Following behavioral, in vivo physiology, and chemogenetic experiments, mice were deeply anesthetized with IP ketamine-xylazine and transcardially perfused with 4% PFA in PBS. Before perfusion, electrode location was marked in implanted mice by electrolytic lesioning. After deep anesthesia, the implant was connected to a solid state, direct current Lesion Maker (Ugo Basile). A current of 100 μA was passed through each microwire for 5 s. After perfusion, the brain was dissected from the skull and postfixed overnight in 4% PFA, then placed in 30% sucrose at 4°C for 2-3 d for cryoprotection. The brain was then cut into 30 μm coronal sections on a freezing microtome (Leica), before washing in PBS and mounting in Vectashield Mounting Medium onto glass slides for subsequent imaging. All images were taken on a Nikon 6D conventional widefield microscope.

Experimental design and statistical analysis

The experimental design and statistical analysis of all key experiments are summarized in Table 1. This table includes planned sample sizes, statistical tests, N (animals), n (units or cells), p values, and the associated figures. Power calculations were performed based on either pilot data or the relevant literature. For behavioral experiments, we based power calculations on prior pharmacological studies in PNKD (Lee et al., 2012), as well as prior chemogenetic studies in dyskinesia (Alcacer et al., 2017), typically discounting the reported effect sizes by 50%. For slice electrophysiology experiments, we based power calculations on prior publications on striatal excitability (Planert et al., 2013; Fieblinger et al., 2014) and synaptic function (Kreitzer and Malenka, 2007), again typically discounting reported effect sizes by 50%. We aimed to achieve >90% power to detect a significant difference with a two-sided α of 0.05, using the statistical tests reported in the table.

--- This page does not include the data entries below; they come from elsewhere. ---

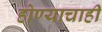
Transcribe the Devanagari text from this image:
होण्याचाही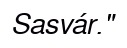
Sasvár."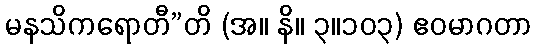
မနသိကရောတီ”တိ (အ။ နိ။ ၃။၁၀၃) ဧဝမာဂတာ

Comparison groups are indicated in Results or the figures. In behavioral experiments, caffeine-induced dyskinesia scores were compared within-group at baseline (−30 to 0 min before caffeine) and 30-60 min after caffeine injection. In chemogenetic experiments, dyskinesia scores were compared at baseline (0-10 min) and at 40-60 min following CNO administration. Only one data point was collected per animal per behavioral state/manipulation.

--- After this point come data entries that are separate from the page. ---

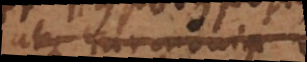
atque harmonia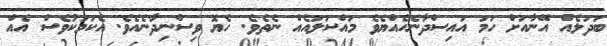
ބަދަލެއް އޭނާއަށް ހަމަ އައިސްދާނެހެއްޔެވެ މައްސަލައެއް ނެތެވެ. ހެޔޮ ވިސްނިދާނެއެވެ. އެކަމަކުވެސް އެއް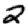
Digit: 2

For in vivo electrophysiological experiments, firing rate was compared before, during, and after dyskinetic periods, using the average firing rate from 0-30 min before injection, 30-60 min after injection, and 0-20 min after behavioral recovery (dyskinesia score of 2). In many cases, multiple neurons were recorded in each animal in each behavioral state, but each neuron was only sampled once per animal/manipulation.

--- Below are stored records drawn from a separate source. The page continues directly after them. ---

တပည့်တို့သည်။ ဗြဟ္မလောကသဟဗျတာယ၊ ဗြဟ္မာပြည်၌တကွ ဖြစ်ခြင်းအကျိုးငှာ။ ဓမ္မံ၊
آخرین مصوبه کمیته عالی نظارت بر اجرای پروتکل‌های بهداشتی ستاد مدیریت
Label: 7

In DREADD validation slice electrophysiological experiments, IPSC amplitude was compared before and 10-15 min after addition of CNO to the ACSF. Synaptic depression was analyzed by calculating the average EPSC amplitude during the 10 min baseline and 20-30 min following a manipulation (HFS or WIN55212 application). Changes in excitability or mEPSC frequency in response to acute caffeine application were analyzed by comparing a 10 min baseline period with the value 20-30 min after drug application.